Records from a collection
==================================================

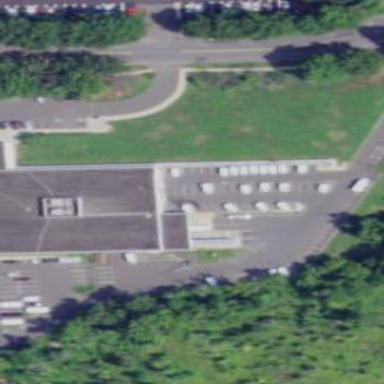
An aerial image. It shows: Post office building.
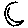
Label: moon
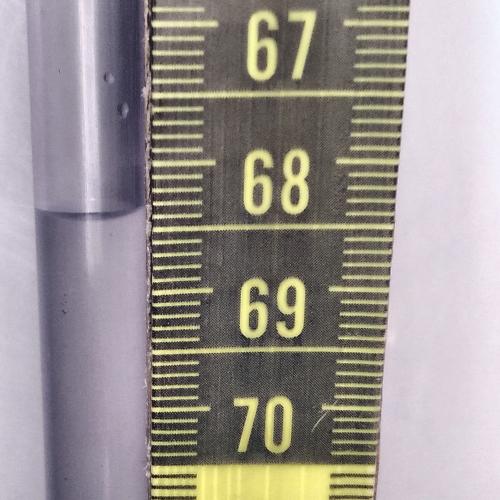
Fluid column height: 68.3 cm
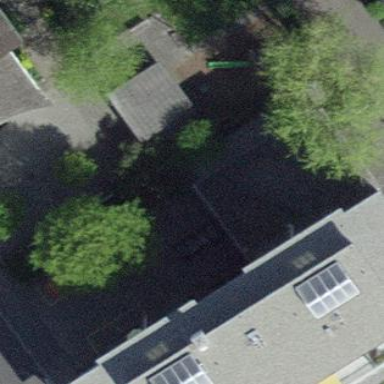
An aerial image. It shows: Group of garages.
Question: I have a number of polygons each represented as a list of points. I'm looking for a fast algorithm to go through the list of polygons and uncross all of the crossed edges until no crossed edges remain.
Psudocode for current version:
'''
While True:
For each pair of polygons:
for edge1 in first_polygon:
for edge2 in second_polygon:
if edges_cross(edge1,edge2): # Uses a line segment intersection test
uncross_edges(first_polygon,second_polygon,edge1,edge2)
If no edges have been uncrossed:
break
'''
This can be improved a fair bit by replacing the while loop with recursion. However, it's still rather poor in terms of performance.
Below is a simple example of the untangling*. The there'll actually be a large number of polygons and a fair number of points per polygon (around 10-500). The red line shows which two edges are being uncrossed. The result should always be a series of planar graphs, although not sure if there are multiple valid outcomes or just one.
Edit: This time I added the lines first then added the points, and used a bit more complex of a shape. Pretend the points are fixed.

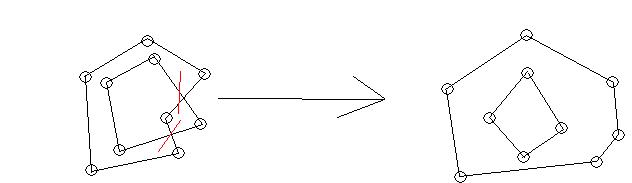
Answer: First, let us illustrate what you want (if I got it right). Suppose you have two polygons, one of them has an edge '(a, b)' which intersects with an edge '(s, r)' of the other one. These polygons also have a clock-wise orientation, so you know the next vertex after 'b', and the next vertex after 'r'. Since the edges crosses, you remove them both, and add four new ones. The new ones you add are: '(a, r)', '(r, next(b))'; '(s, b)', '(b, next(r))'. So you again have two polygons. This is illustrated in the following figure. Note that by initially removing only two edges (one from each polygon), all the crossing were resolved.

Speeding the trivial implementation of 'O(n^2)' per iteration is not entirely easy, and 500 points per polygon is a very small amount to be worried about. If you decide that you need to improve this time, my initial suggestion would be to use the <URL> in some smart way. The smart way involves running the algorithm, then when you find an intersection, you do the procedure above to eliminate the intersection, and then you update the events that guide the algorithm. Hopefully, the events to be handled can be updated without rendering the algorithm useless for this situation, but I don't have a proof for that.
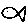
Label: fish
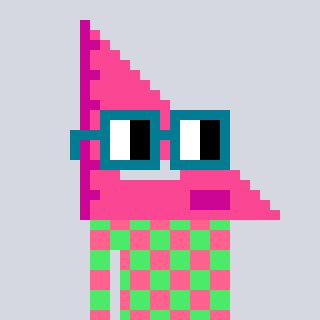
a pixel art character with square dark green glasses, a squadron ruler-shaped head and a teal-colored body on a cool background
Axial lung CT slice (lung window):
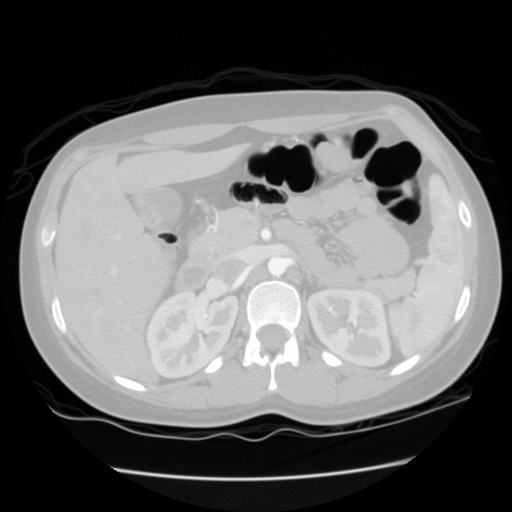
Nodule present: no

==================================================

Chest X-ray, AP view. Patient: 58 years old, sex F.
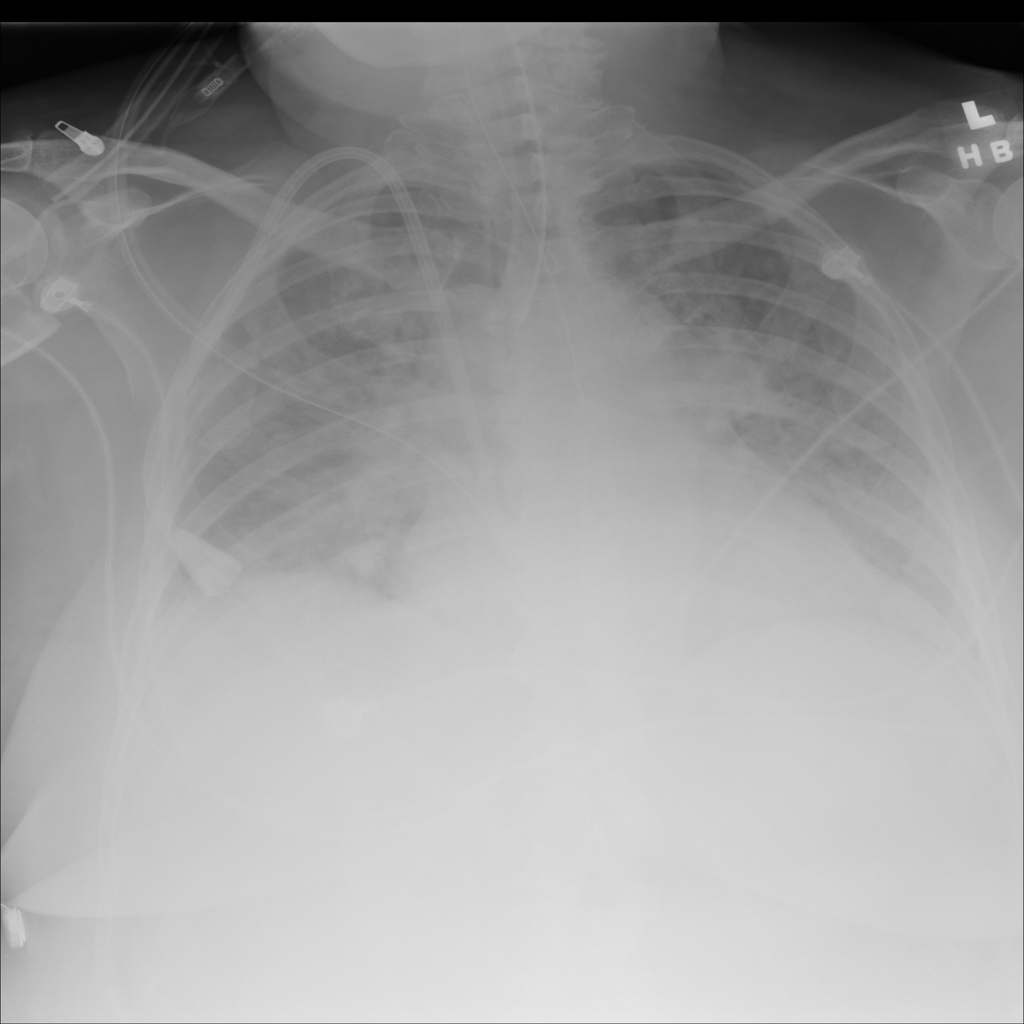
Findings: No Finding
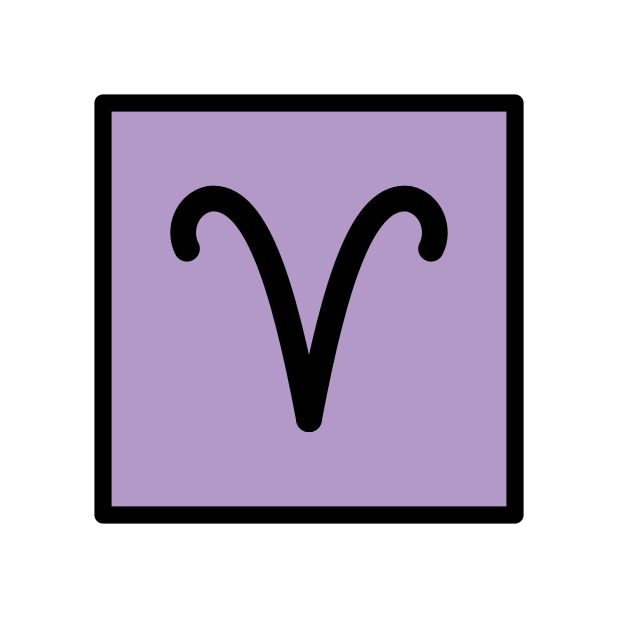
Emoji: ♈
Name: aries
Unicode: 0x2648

==================================================

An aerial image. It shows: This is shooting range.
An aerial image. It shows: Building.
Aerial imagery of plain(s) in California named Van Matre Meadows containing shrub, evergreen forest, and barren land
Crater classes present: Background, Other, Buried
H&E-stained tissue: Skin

==================================================

● ASSIGNMENT
Starting at the line containing "An aerial image. It shows: Post" and finishing at the line containing "Fluid column height: 68.3 cm", return those lines exactly as they appear above, without the pictures.

● EXERCISE ANSWER
An aerial image. It shows: Post office building.
Label: moon
Fluid column height: 68.3 cm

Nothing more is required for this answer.